● EXERCISE GOAL:
Exact reproduction, images excluded: write out the records below.

Extracted data entries
........
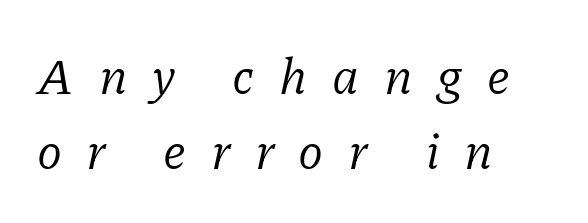
Each new line begins a customary step beneath the previous one. Vertical stems look standard width or narrower in stroke. Tracking value appears strongly positive — letters spread wide. Characters are canted at an angle relative to the baseline's perpendicular. The setting favours the left margin, as ordinary paragraphs usually do.
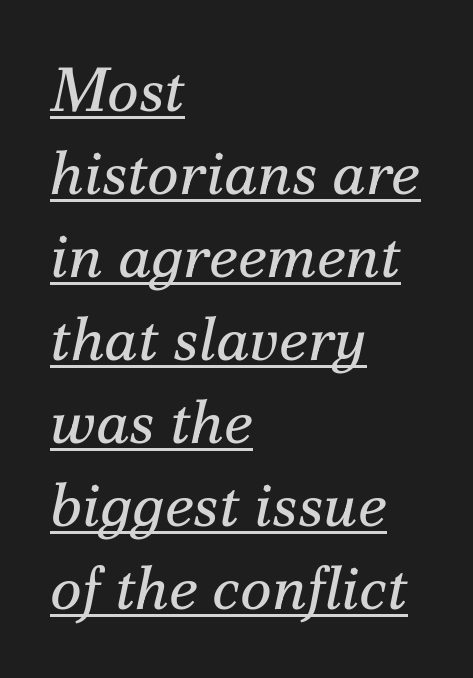
Q: Is the text bold? A: No.
Q: Is the text italic (slanted)? A: Yes, it leans right by about 12 degrees.
Q: Is the typeface a serif or a sans-serif typeface? A: Serif.
Q: Is the text underlined? A: Yes.
Q: How is the paragraph aligned? A: Left-aligned.
Q: Is the spacing between letters normal or unusually wide? A: Normal.
Q: Is the spacing between lines tight, normal or loose? A: Normal.
Q: Width (condensed, normal, or wide)? A: Normal.
Q: Stroke contrast? A: Medium.
Q: x-height? A: Small.
Q: Monospaced? A: No.
........
● ANSWER TO THIS PROBLEM:
Each new line begins a customary step beneath the previous one. Vertical stems look standard width or narrower in stroke. Tracking value appears strongly positive — letters spread wide. Characters are canted at an angle relative to the baseline's perpendicular. The setting favours the left margin, as ordinary paragraphs usually do.
Q: Is the text bold? A: No.
Q: Is the text italic (slanted)? A: Yes, it leans right by about 12 degrees.
Q: Is the typeface a serif or a sans-serif typeface? A: Serif.
Q: Is the text underlined? A: Yes.
Q: How is the paragraph aligned? A: Left-aligned.
Q: Is the spacing between letters normal or unusually wide? A: Normal.
Q: Is the spacing between lines tight, normal or loose? A: Normal.
Q: Width (condensed, normal, or wide)? A: Normal.
Q: Stroke contrast? A: Medium.
Q: x-height? A: Small.
Q: Monospaced? A: No.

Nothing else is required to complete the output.